Milano - Papa Ratzinger in tanga decorato con i simboli del Pontefice, calze autoreggenti bordate di pizzo bianco, sigillo al dito e forcina nei capelli a caschetto biondo-platino modello Raffaella Carrà esposto in una mostra organizzata a Milano dall’assessore Vittorio Sgarbi, con tanto di patrocinio del Comune, e dunque del sindaco Letizia Moratti. Nessuna censura in nome della libertà (così dice qualcuno) di pensiero. Ma nella stessa mostra non compare, come invece avrebbe dovuto, un’opera dei ConiglioViola, «collettivo artistico» nato dall’incrocio tra Fabrice Coniglio e Andrea Raviola. Soggetto? Il portavoce del governo Silvio Sircana. O meglio, le immagini che i lettori del Giornale conoscono bene, trasformate in un fotomontaggio. Dove, tanto per non farsi mancare niente in questa corsa al peggio, al posto del «bello di notte» che s’accosta al finestrino, c’è un Gesù Cristo nella più classica iconografia del Salvatore. Il titolo? Più che eloquente, Ecce trans. A fianco del Papa nella mostra Arte e omosessualità inaugurata ieri a Milano? Nemmeno per sogno. Tolta all’ultimo minuto per evitare lo scandalo? Neppure. Qui la censura a due pesi e due misure ha colpito. Preventivamente, per non correre rischi. L’opera, infatti, (aggiungere «d’arte» sarebbe forse blasfemo) non è nemmeno inserita nel pregevole catalogo Electa, dove al numero 176 compare a tutta pagina il Benedetto XVI conciato in quel modo. Di Sircana, invece, nessuna traccia. Sparito dall’elenco, sparito dall’esposizione. «Le opere dei ConiglioViola - fa il furbo il giovane curatore, Eugenio Viola - sono esposte». Esposte? Sì, ci sono un innocuo Il celebre san Sebastiano dei ConiglioViola del 2007 e un altrettanto innocente lightbox (come dicono quelli che sanno) Un pomeriggio così. Assomiglia a un fumetto. È persino bello. Nulla a che vedere con il pugno nello stomaco del fotomontaggio Sircana che ci sarebbe dovuto essere. E che invece non c’è. Accuse strumentali dei soliti omofobi? Nemmeno per sogno. Navigare per credere. Tutto è già annunciato, opera, titolo, mostra con tanto di apertura e orari sul sito internet www.gaytv.it.

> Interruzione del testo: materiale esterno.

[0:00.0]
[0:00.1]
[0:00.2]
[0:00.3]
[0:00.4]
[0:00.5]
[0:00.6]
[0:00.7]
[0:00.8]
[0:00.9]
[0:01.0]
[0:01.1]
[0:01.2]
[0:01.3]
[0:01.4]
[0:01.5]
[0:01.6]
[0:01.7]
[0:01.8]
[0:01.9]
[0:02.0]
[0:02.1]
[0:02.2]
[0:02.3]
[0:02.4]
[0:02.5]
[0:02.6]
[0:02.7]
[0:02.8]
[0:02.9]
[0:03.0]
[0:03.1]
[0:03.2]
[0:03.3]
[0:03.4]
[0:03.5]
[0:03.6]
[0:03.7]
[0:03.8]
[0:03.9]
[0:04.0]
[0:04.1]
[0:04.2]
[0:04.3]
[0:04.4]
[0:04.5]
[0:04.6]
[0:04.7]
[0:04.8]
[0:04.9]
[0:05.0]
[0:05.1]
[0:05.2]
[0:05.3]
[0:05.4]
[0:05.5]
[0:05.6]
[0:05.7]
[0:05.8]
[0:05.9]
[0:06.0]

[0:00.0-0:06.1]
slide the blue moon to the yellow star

Dove l’auto del portavoce accosta. «Arriverà - dice qualcuno -, la metteremo in una scatola nera». Al Papa, invece, nessuno sconto. Costretto a esibirsi nudo, il sorriso maliziosetto e il petto un po’ cadente d’un uomo d’età.

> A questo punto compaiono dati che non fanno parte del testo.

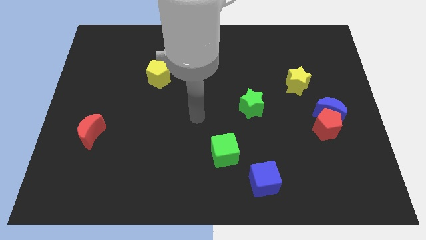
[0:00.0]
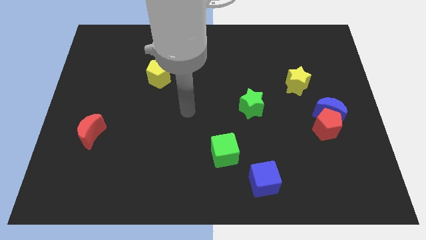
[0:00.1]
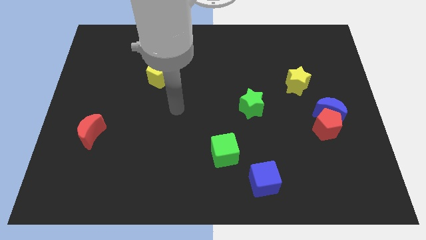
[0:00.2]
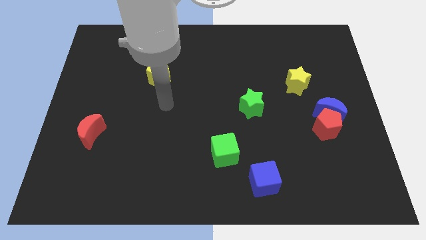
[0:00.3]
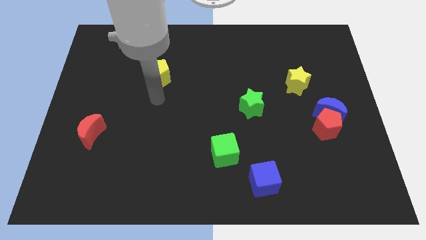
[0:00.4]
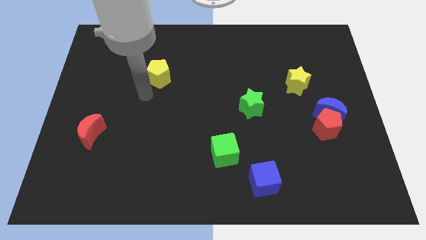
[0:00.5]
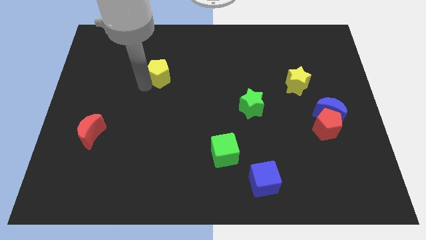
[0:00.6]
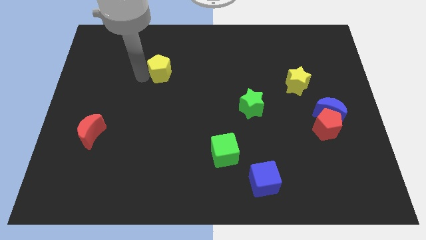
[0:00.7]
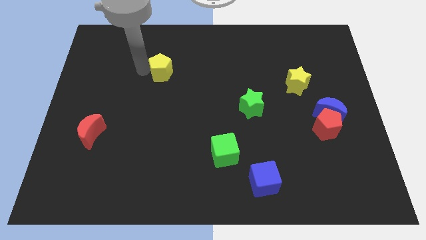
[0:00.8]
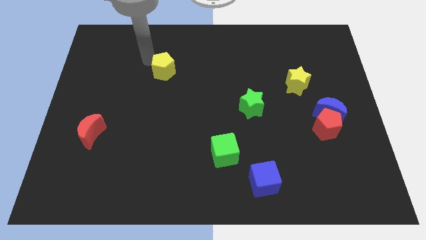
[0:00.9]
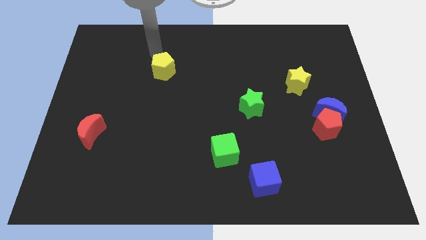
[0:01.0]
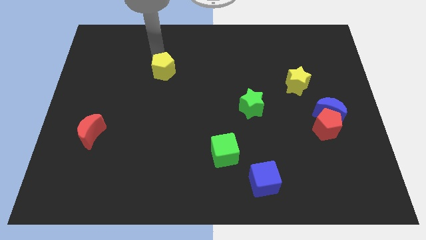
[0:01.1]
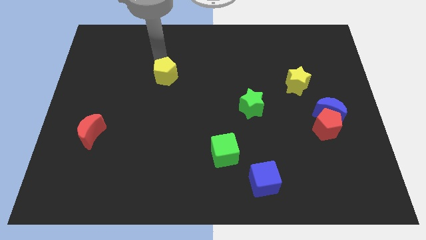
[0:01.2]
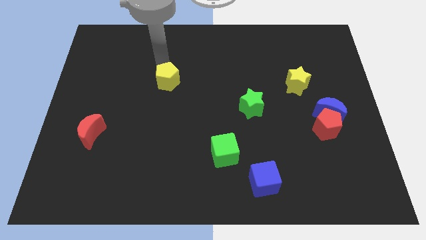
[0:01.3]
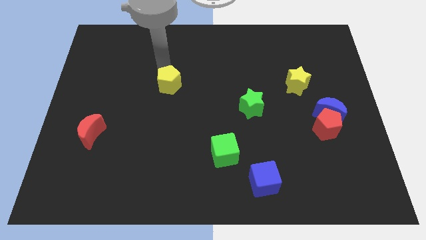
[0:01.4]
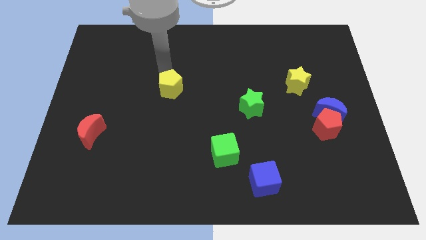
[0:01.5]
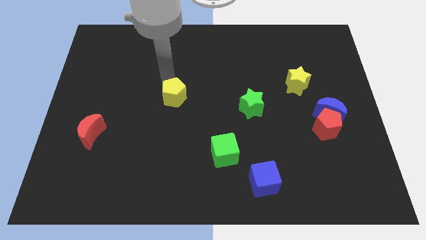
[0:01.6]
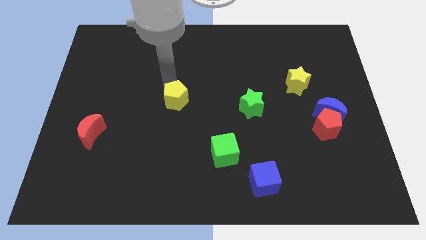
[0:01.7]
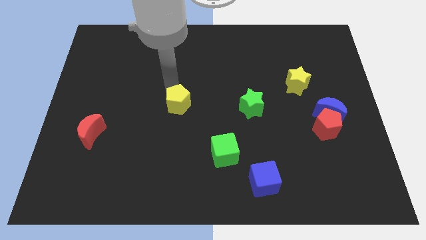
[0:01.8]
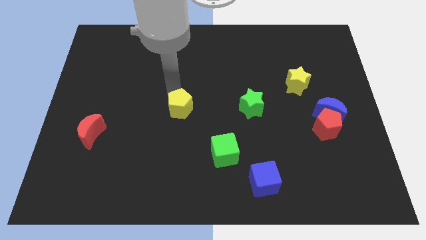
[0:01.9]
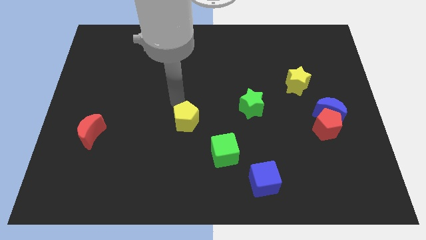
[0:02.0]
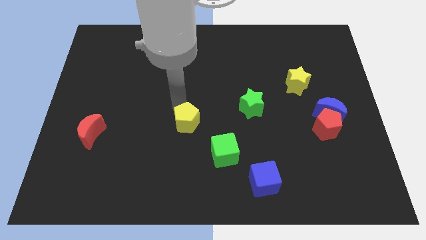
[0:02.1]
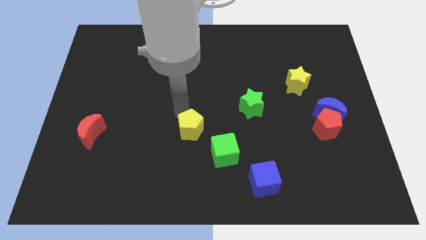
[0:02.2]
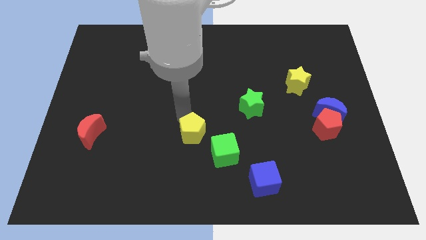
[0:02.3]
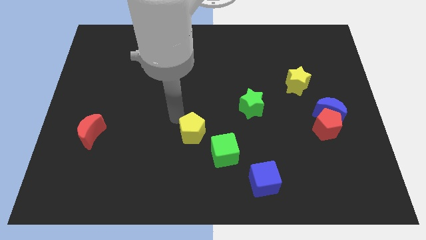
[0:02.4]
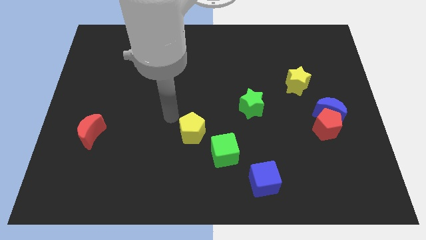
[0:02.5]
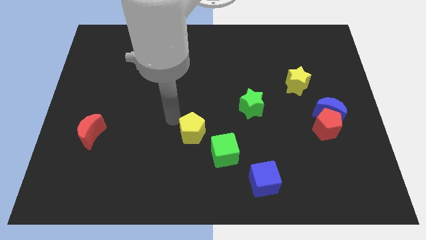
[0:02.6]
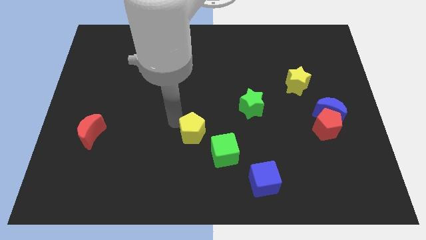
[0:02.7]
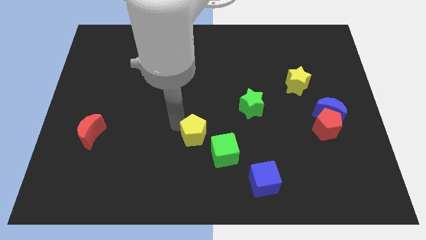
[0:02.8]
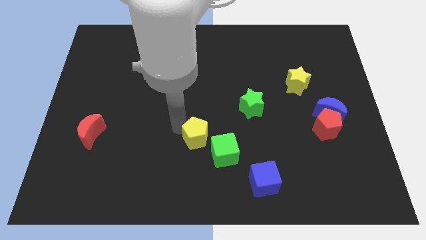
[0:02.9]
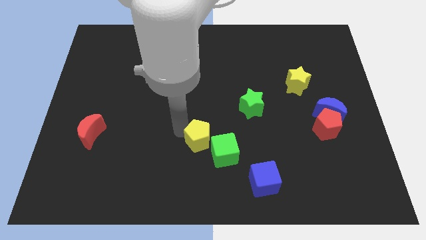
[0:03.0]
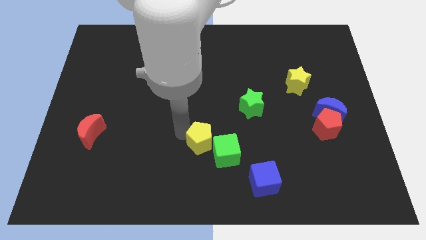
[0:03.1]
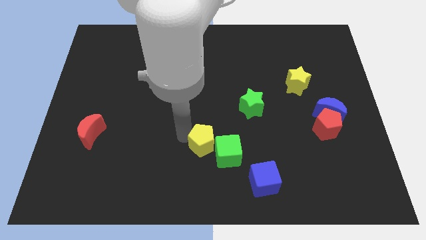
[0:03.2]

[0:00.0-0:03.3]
push the yellow pentagon towards the green cube

Ieri, intanto, il balletto dell’ipocrisia. Con gli organizzatori, accortisi tardi di aver esagerato, che decidono di coprire il volto del Papa con una mascherina («Meglio, così è anche sado-maso»). Con l’artista costretto a cercarla in un lunedì d’estate con i negozi che sono tutti chiusi. Ah, l’artista. Ovviamente in tanto baillame si finisce per dimenticarsene. Come del titolo. L’irriverente Miss Kitty del 2006 che (non siamo ingenui) da oggi vedrà moltiplicare il suo valore per l’ovvio e perverso meccanismo del mercato. Lui è il milanese Paolo Schmidlin. Il volto simpatico, l’aria mite di un apprezzato scultore che nello scandalo sembra esserci finito quasi per caso. Anche se non per la prima volta, dato che qualche mese fa a Madrid ha esposto una regina Elisabetta a seno di fuori e «palpeggiata». «Il Papa? Io volevo solo fare un po’ d’ironia - si defila, mentre qualche militante gay lo incita alla crociata contro il Vaticano -. Mettiamogli pure una benda, non voglio attaccare nessuno io. La mia ricerca artistica va in tutt’altra direzione, non mi interessa la polemica per finire sui giornali». Come quando disse: «Immagino che la regina Elisabetta ci avrà riso su. Dopotutto gli inglesi non sono famosi per il loro sense of humour?». E Sgarbi? «Certe opere (quella su Sircana, ndr) sono state eliminate perché era troppo forte il collegamento con la realtà quotidiana e la politica». Forse il Papa si è trasferito su Marte.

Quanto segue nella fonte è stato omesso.